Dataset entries
++++++++++++++++++++
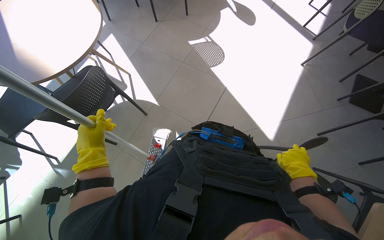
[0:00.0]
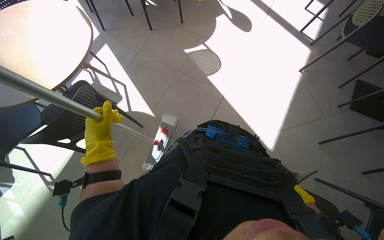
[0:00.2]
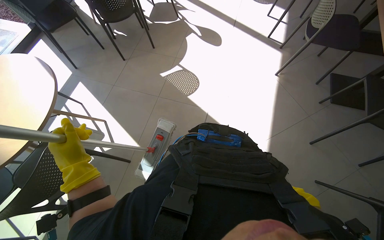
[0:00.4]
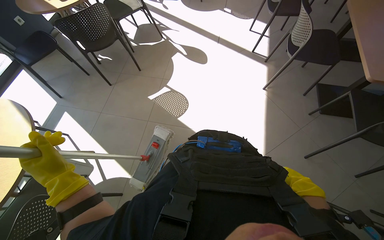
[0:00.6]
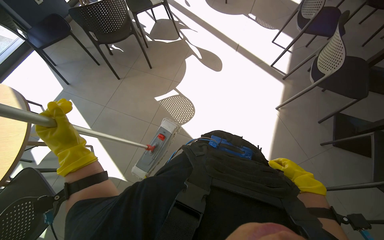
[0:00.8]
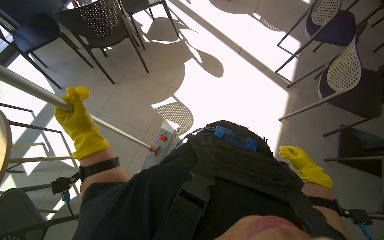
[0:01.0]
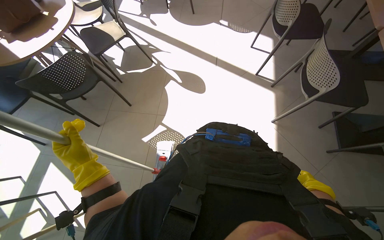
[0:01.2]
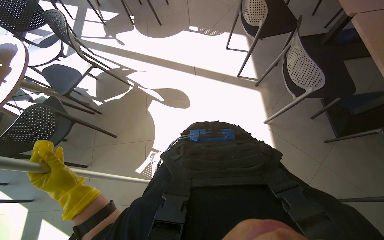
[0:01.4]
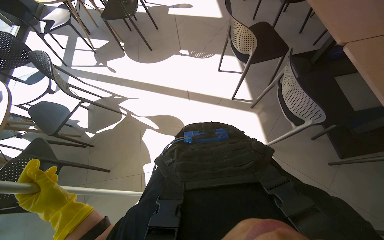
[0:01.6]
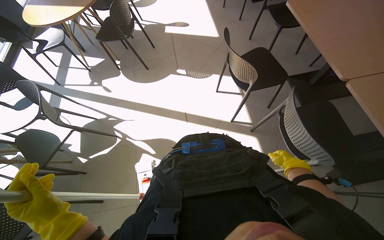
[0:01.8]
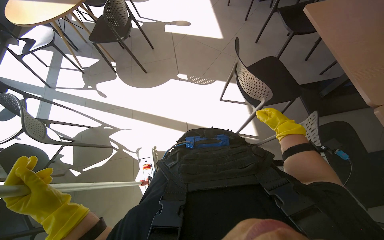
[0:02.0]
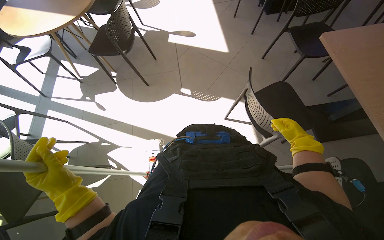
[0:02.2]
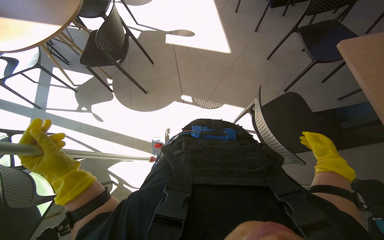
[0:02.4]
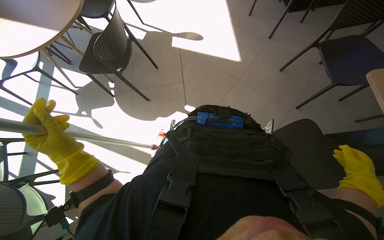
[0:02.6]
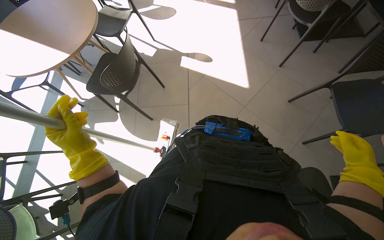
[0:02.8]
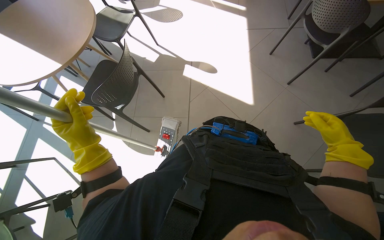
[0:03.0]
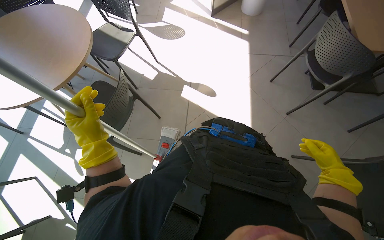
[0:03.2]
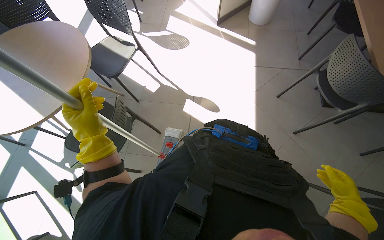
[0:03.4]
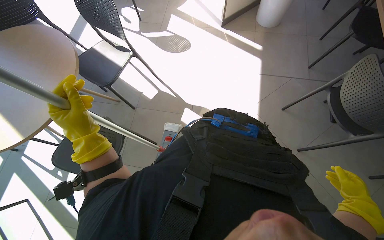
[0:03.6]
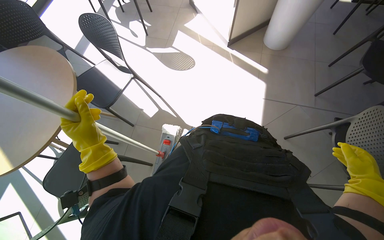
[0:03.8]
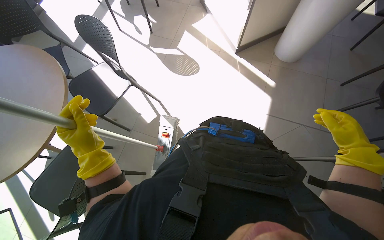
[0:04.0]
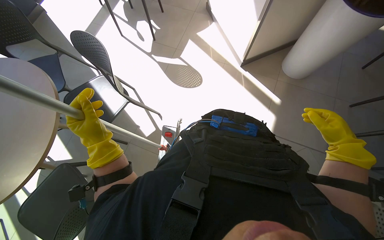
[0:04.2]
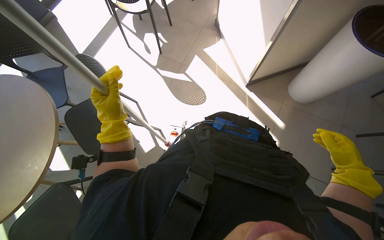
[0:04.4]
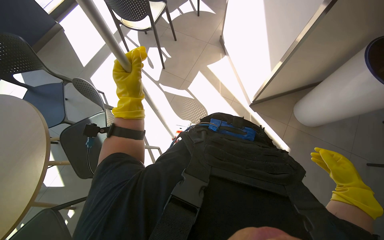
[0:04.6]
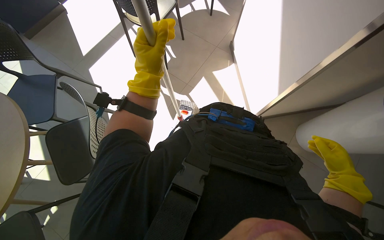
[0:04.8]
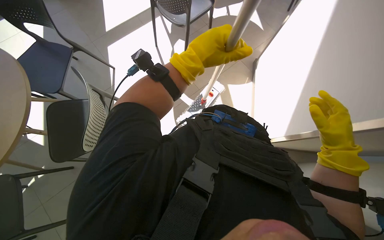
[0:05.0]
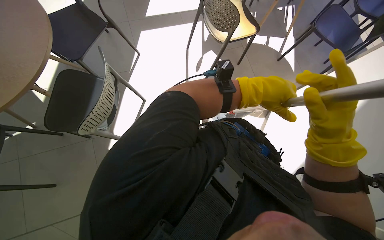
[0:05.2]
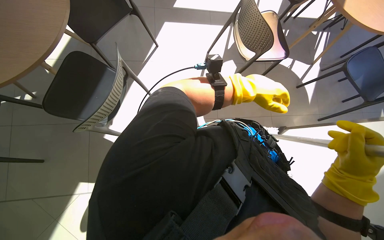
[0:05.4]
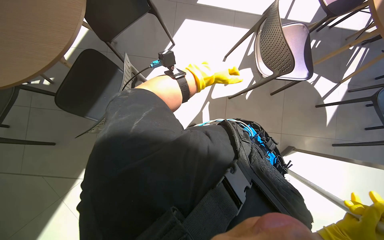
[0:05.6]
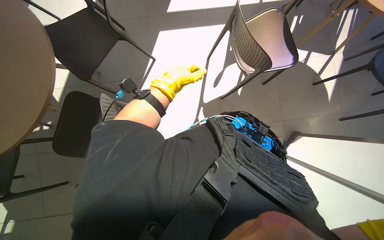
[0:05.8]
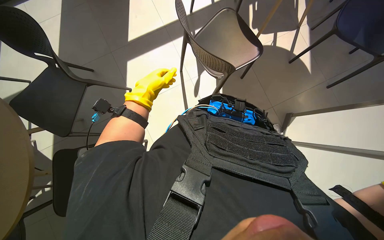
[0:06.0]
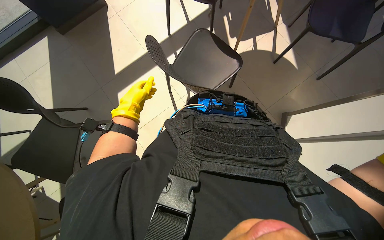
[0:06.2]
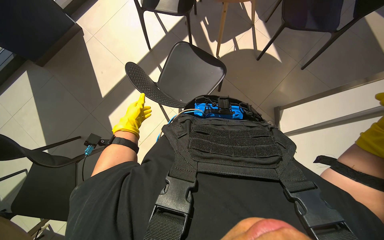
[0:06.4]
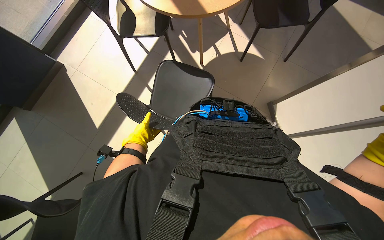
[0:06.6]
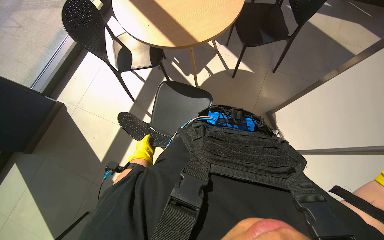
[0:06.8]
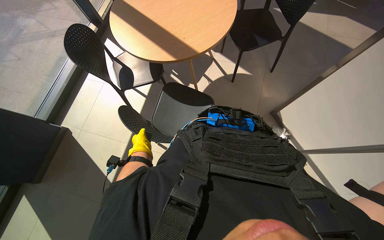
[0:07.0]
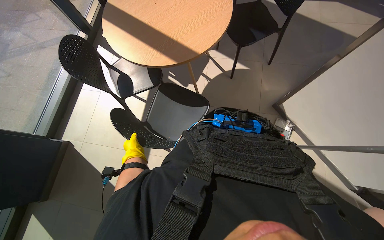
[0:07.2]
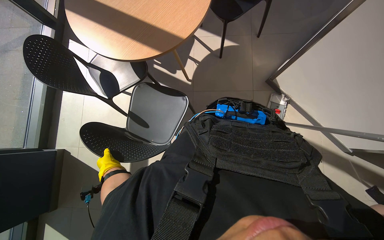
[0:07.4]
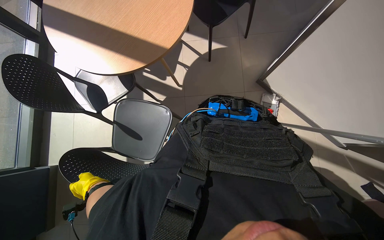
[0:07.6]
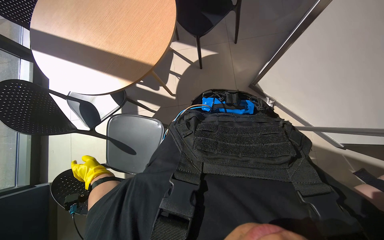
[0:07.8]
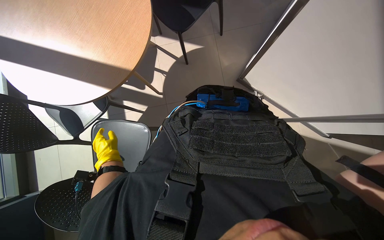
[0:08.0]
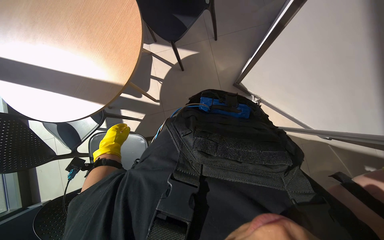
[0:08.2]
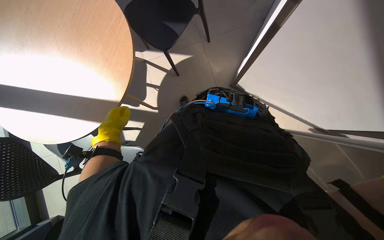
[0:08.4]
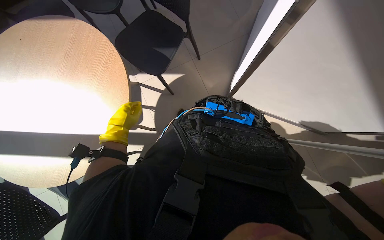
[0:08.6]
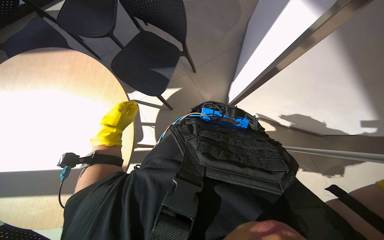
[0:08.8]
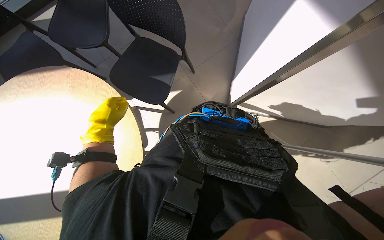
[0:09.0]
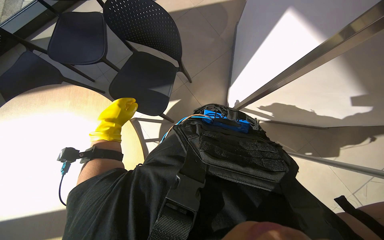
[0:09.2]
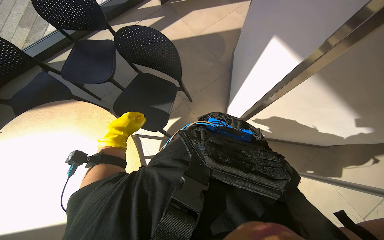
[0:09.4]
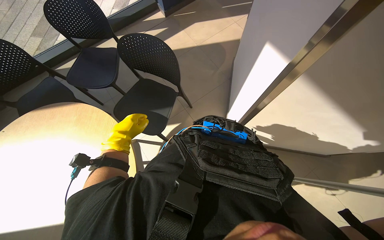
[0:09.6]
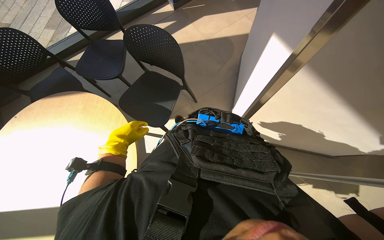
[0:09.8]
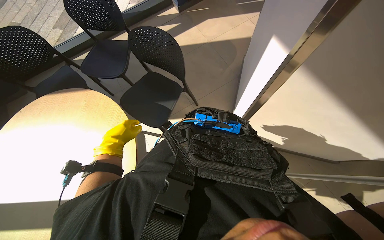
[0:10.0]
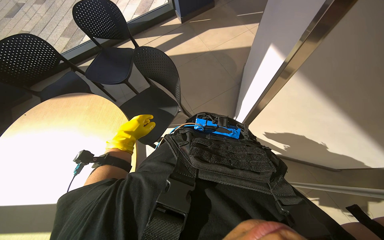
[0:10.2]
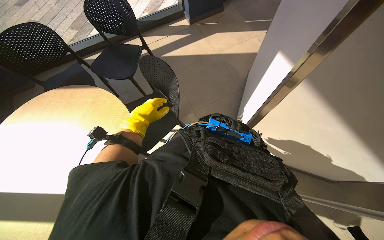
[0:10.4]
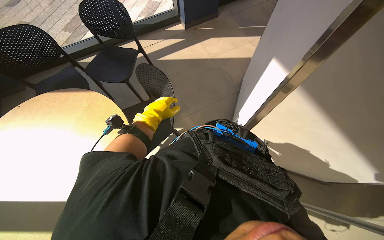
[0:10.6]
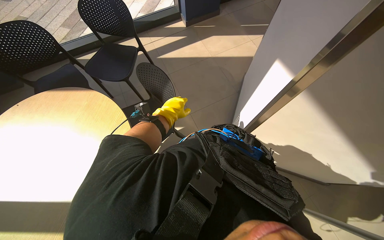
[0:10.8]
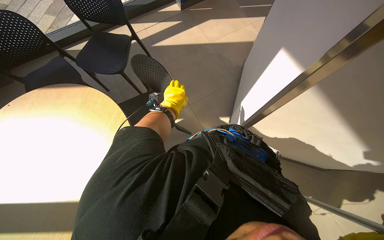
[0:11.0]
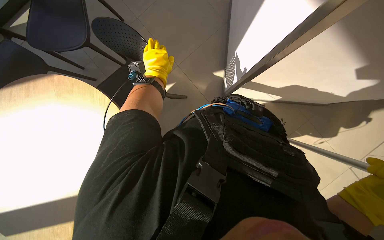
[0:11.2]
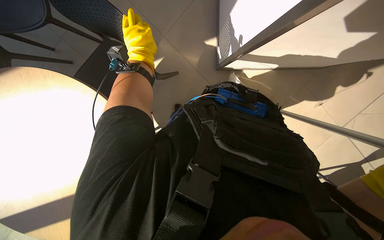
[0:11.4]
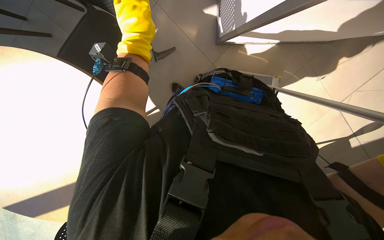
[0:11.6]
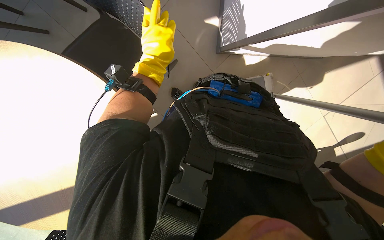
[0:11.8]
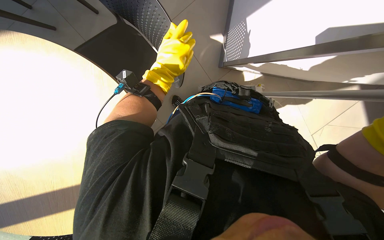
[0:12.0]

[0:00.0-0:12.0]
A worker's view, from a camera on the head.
++++++++++++++++++++
● Task to complete
Write out every entry above exactly as it stands, minus the pictures.

● Result
[0:00.0]
[0:00.2]
[0:00.4]
[0:00.6]
[0:00.8]
[0:01.0]
[0:01.2]
[0:01.4]
[0:01.6]
[0:01.8]
[0:02.0]
[0:02.2]
[0:02.4]
[0:02.6]
[0:02.8]
[0:03.0]
[0:03.2]
[0:03.4]
[0:03.6]
[0:03.8]
[0:04.0]
[0:04.2]
[0:04.4]
[0:04.6]
[0:04.8]
[0:05.0]
[0:05.2]
[0:05.4]
[0:05.6]
[0:05.8]
[0:06.0]
[0:06.2]
[0:06.4]
[0:06.6]
[0:06.8]
[0:07.0]
[0:07.2]
[0:07.4]
[0:07.6]
[0:07.8]
[0:08.0]
[0:08.2]
[0:08.4]
[0:08.6]
[0:08.8]
[0:09.0]
[0:09.2]
[0:09.4]
[0:09.6]
[0:09.8]
[0:10.0]
[0:10.2]
[0:10.4]
[0:10.6]
[0:10.8]
[0:11.0]
[0:11.2]
[0:11.4]
[0:11.6]
[0:11.8]
[0:12.0]

[0:00.0-0:12.0]
A worker's view, from a camera on the head.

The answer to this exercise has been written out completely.